A 200 quilómetros do Cabo de São Vicente, ao largo de Sagres, foi identificada uma fissura na placa tectónica que se está a formar há milhões de anos e que pode estar na origem dos grandes sismos que atingiram Lisboa, como o de 1755 e o de 1969. A descoberta resulta de um estudo da Faculdade de Ciências da Universidade de Lisboa, publicado na revista Nature Geosciences e citado pela revista especializada em economia e negócios Executive Digest.
A zona em causa é a Planície Abissal da Ferradura, localizada no Atlântico, próxima do Banco de Gorringe e na fronteira entre as placas Euro-asiática e Africana. Foi aí que teve origem o sismo de magnitude próxima de 8 na escala de Richter que, em 1969, abalou Lisboa e várias regiões do país.
O enigma da ausência de falhas visíveis
Até agora, os cientistas não conseguiam explicar como uma área plana e aparentemente estável poderia gerar tremores tão intensos. Nunca tinha sido encontrada ali uma falha de grandes dimensões capaz de justificar fenómenos como o de 1969 ou, ainda mais, o devastador sismo de 1755, com magnitude próxima de 9.
Segundo João Duarte, geólogo e professor da Faculdade de Ciências, citado pela mesma fonte, a resposta pode estar num processo chamado delaminação. Trata-se da separação horizontal da placa tectónica, como se fosse cortada em duas camadas: a inferior afunda-se lentamente em direção ao manto terrestre, enquanto a superior permanece estável à superfície.
Um processo invisível e lento
A fissura já terá atingido 200 quilómetros de profundidade, muito além dos 100 quilómetros habituais. No entanto, não é percetível a olho nu, pois a superfície marinha mantém-se inalterada. O fenómeno decorre há cinco a dez milhões de anos, de forma lenta mas constante.
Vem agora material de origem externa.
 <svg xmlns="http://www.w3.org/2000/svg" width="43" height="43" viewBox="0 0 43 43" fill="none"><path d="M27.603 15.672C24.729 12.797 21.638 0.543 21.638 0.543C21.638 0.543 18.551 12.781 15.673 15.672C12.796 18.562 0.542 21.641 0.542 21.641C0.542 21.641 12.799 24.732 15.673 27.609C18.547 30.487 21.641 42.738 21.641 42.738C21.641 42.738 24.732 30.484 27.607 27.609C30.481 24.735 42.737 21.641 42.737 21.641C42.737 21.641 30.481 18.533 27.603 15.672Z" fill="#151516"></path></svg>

A descoberta foi possível graças à instalação de sismómetros no fundo do mar durante oito meses. Estes registaram um conjunto de pequenos sismos a 30 e 40 quilómetros de profundidade, considerado anómalo. Com recurso a modelos computacionais, os investigadores conseguiram simular o processo e confirmar a hipótese.
Energia libertada gera os sismos
Apesar de não se tratar de uma falha sísmica tradicional, esta estrutura é capaz de libertar energia suficiente para provocar grandes abalos, refere ainda a mesma fonte. Tal acontece porque o espaço aberto pela fratura não fica vazio, sendo preenchido por outras rochas, criando atrito e instabilidade.
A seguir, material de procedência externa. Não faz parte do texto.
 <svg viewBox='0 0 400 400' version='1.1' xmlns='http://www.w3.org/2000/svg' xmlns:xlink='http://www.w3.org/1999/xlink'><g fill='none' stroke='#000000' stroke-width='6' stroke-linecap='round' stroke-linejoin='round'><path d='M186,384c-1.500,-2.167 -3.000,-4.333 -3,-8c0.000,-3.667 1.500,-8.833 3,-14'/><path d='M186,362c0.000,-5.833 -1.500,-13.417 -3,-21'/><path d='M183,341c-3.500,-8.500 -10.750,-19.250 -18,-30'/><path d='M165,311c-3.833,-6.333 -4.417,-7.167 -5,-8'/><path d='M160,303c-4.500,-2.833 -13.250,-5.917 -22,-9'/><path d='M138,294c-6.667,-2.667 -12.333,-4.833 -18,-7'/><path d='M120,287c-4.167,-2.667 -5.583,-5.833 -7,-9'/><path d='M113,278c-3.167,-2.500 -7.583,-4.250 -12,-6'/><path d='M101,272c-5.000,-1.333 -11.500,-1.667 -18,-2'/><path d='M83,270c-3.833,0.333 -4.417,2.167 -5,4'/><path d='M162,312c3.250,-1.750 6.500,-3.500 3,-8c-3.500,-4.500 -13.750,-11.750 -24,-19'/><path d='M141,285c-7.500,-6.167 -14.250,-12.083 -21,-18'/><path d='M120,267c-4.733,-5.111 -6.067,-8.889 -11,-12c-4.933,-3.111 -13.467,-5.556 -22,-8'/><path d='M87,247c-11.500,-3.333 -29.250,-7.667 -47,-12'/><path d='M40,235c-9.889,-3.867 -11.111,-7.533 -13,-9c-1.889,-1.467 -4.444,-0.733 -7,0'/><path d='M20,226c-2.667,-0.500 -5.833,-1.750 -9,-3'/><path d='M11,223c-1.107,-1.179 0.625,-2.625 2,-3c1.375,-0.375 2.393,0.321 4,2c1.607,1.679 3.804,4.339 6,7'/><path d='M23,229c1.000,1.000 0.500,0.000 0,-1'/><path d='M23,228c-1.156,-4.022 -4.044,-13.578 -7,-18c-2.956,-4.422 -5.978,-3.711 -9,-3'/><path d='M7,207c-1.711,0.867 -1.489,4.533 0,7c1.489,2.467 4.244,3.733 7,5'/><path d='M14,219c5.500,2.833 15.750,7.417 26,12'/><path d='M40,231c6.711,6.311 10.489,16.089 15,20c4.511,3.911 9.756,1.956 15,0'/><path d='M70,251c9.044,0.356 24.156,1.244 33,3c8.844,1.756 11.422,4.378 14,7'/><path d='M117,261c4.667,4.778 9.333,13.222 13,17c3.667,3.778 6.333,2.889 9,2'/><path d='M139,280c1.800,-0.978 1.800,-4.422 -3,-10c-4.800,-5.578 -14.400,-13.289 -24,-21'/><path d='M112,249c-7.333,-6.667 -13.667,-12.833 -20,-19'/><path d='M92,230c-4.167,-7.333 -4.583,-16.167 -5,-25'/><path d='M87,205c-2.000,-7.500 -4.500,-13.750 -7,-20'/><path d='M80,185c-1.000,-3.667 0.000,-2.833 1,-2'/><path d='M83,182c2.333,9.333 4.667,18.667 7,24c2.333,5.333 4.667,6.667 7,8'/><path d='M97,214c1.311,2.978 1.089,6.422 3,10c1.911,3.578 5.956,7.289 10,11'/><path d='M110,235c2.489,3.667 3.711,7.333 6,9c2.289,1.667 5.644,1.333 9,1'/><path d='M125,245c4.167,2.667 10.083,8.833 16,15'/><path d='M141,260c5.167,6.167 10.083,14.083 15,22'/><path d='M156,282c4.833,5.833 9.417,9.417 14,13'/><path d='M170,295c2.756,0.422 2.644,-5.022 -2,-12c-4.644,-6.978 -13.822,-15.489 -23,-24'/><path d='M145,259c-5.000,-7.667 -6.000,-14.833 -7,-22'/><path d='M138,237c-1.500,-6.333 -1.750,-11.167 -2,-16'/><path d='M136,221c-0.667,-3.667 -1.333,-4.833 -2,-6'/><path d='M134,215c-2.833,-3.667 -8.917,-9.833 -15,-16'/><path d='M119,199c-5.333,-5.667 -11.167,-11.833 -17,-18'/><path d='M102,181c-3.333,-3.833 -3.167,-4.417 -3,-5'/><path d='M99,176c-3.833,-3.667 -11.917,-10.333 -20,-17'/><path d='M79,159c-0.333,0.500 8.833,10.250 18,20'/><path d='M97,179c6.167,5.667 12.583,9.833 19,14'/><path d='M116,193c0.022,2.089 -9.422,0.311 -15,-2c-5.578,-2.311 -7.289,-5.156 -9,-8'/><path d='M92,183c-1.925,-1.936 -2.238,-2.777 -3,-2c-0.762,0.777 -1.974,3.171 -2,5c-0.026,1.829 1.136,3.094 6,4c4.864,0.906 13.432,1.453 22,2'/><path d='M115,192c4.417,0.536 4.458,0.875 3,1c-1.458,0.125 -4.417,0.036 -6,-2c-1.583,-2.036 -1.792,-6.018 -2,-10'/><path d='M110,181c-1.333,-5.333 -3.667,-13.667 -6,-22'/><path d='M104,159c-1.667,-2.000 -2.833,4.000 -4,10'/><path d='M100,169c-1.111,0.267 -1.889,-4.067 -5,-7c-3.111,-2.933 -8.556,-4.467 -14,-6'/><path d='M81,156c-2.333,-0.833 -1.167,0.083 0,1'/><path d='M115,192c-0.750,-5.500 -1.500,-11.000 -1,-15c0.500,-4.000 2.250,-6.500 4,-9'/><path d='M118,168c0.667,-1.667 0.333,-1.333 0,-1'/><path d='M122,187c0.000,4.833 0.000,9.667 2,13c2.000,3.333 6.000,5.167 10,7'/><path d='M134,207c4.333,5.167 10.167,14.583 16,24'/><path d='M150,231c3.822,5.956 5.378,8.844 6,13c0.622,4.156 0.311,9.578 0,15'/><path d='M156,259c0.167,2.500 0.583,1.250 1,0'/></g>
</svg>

A convergência das placas Africana e Euro-asiática funciona como dois livros que se sobrepõem: uma placa vai-se inserindo lentamente por baixo da outra, mantendo contacto e acumulando energia.
Implicações para o risco sísmico em Portugal
Para João Duarte, esta descoberta terá de ser considerada na avaliação da perigosidade sísmica no território nacional, já classificado como de risco elevado devido à confluência das duas placas. O investigador lembra que a nova geração de cabos submarinos de comunicações, que vai atravessar os arquipélagos dos Açores e da Madeira e a zona da Planície Abissal da Ferradura, poderá trazer uma oportunidade acrescida.
Estes cabos vão estar equipados com sensores sísmicos que permitirão monitorizar melhor a região e recolher mais dados, de acordo com a fonte anteriormente citada.
Papel da inteligência artificial
Embora prever sismos continue a ser impossível, João Duarte acredita que a inteligência artificial pode vir a ter um papel importante. A análise sistemática de milhares de pequenos sismos que ocorrem diariamente, também em Portugal, pode ajudar a compreender padrões e a antecipar riscos. “Se conseguirmos estudar de forma aprofundada os tremores mais pequenos, há alguma esperança de inferir o comportamento dos sismos de maior magnitude”, explicou o investigador, citado pela Executive Digest, sublinhando que os grandes eventos são raros e por isso mais difíceis de modelar.
A descoberta da fissura tectónica abre assim uma nova janela para compreender os fenómenos que, ao longo da história, marcaram Lisboa e o país com alguns dos sismos mais fortes da Europa.